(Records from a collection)
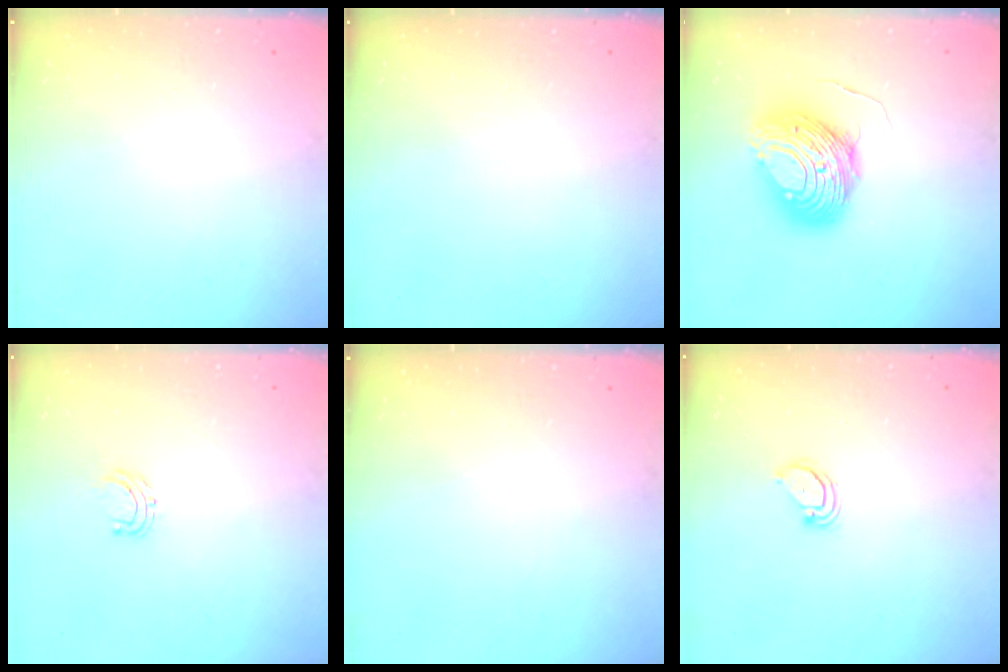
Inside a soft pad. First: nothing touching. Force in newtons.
{"total": 0.0}
{"total": 12.1, "press": 12.1, "slide": 1.2}
{"total": 4.3, "press": 4.3, "slide": 0.3}
{"total": 0.0}
{"total": 3.0, "press": 3.0, "slide": 0.2}
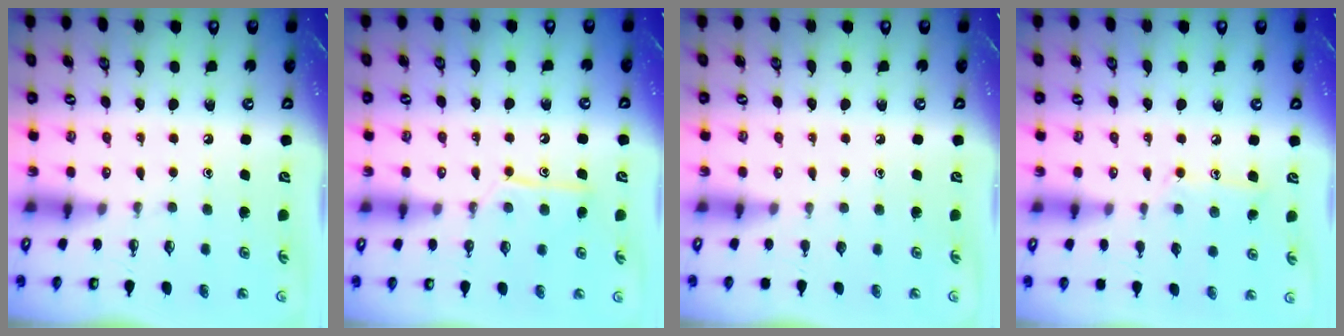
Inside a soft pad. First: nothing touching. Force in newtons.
{"total": 10.9, "press": 10.9, "slide": 0.9}
{"total": 0.0}
{"total": 8.7, "press": 8.6, "slide": 0.6}
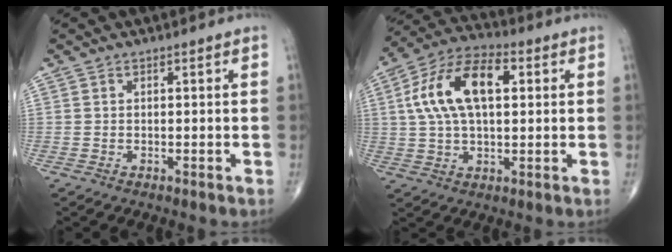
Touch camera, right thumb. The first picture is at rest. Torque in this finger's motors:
{"motor_torque": [-0.62, 1.19, 0.80, 0.22, 0.40]}
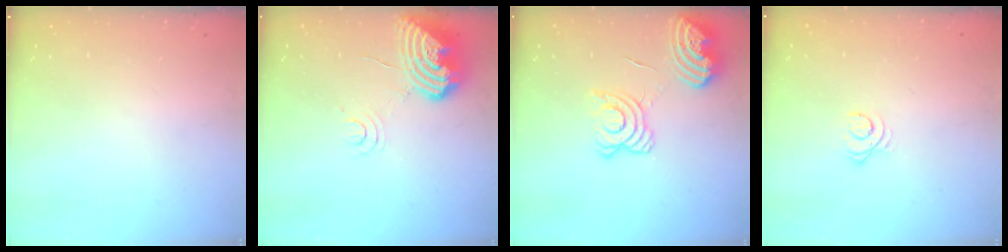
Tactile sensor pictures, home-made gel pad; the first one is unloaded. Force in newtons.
{"total": 13.8, "press": 13.7, "slide": 2.0}
{"total": 15.7, "press": 15.5, "slide": 1.9}
{"total": 2.4, "press": 2.4, "slide": 0.2}
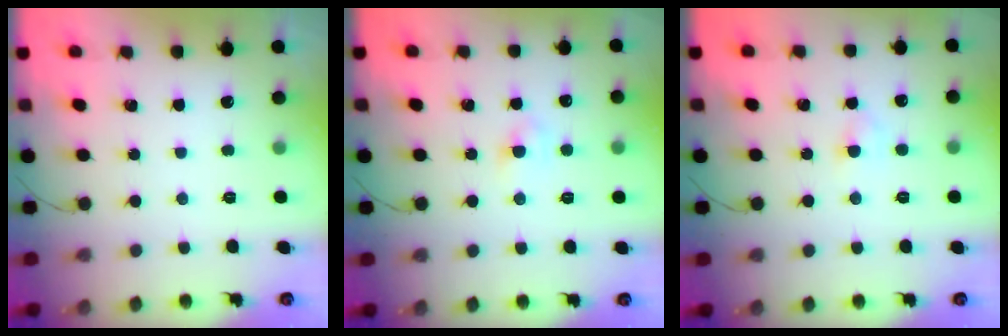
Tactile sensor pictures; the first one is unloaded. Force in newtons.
{"total": 2.6, "press": 2.5, "slide": 0.8}
{"total": 2.9, "press": 2.7, "slide": 1.2}
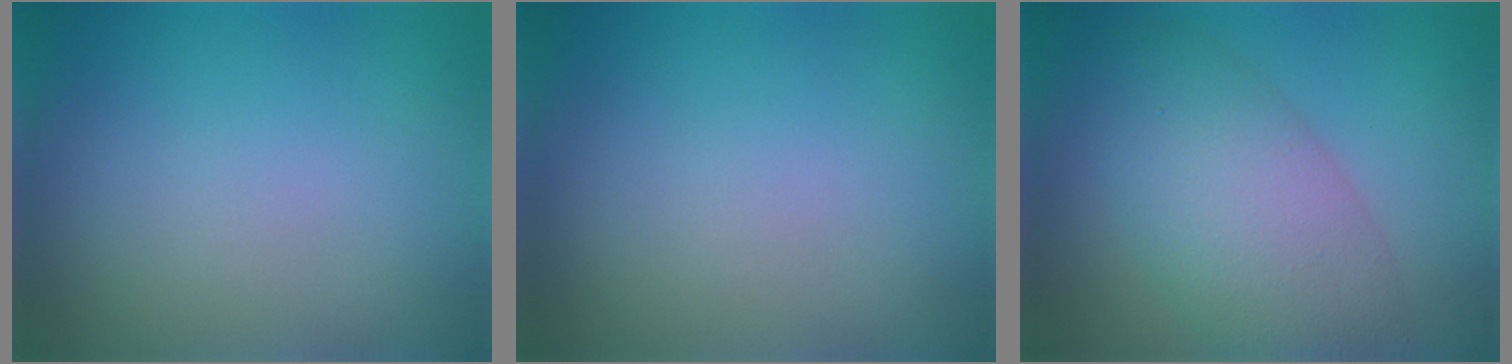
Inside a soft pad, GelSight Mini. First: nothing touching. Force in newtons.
{"total": 0.0}
{"total": 7.4, "press": 7.4, "slide": 0.2}
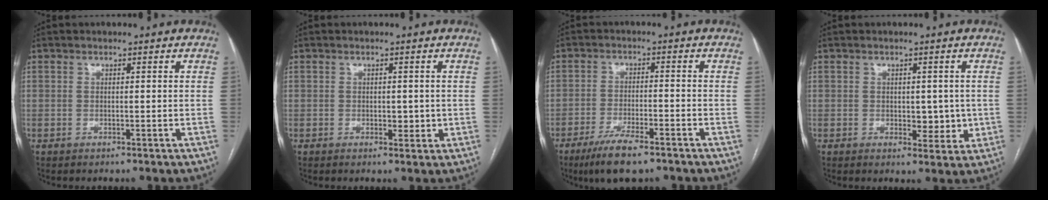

(Task)
Although the records above contain pictures, only their text is to be repeated, exactly as given.

(Expected output)
Inside a soft pad. First: nothing touching. Force in newtons.
{"total": 0.0}
{"total": 12.1, "press": 12.1, "slide": 1.2}
{"total": 4.3, "press": 4.3, "slide": 0.3}
{"total": 0.0}
{"total": 3.0, "press": 3.0, "slide": 0.2}
Inside a soft pad. First: nothing touching. Force in newtons.
{"total": 10.9, "press": 10.9, "slide": 0.9}
{"total": 0.0}
{"total": 8.7, "press": 8.6, "slide": 0.6}
Touch camera, right thumb. The first picture is at rest. Torque in this finger's motors:
{"motor_torque": [-0.62, 1.19, 0.80, 0.22, 0.40]}
Tactile sensor pictures, home-made gel pad; the first one is unloaded. Force in newtons.
{"total": 13.8, "press": 13.7, "slide": 2.0}
{"total": 15.7, "press": 15.5, "slide": 1.9}
{"total": 2.4, "press": 2.4, "slide": 0.2}
Tactile sensor pictures; the first one is unloaded. Force in newtons.
{"total": 2.6, "press": 2.5, "slide": 0.8}
{"total": 2.9, "press": 2.7, "slide": 1.2}
Inside a soft pad, GelSight Mini. First: nothing touching. Force in newtons.
{"total": 0.0}
{"total": 7.4, "press": 7.4, "slide": 0.2}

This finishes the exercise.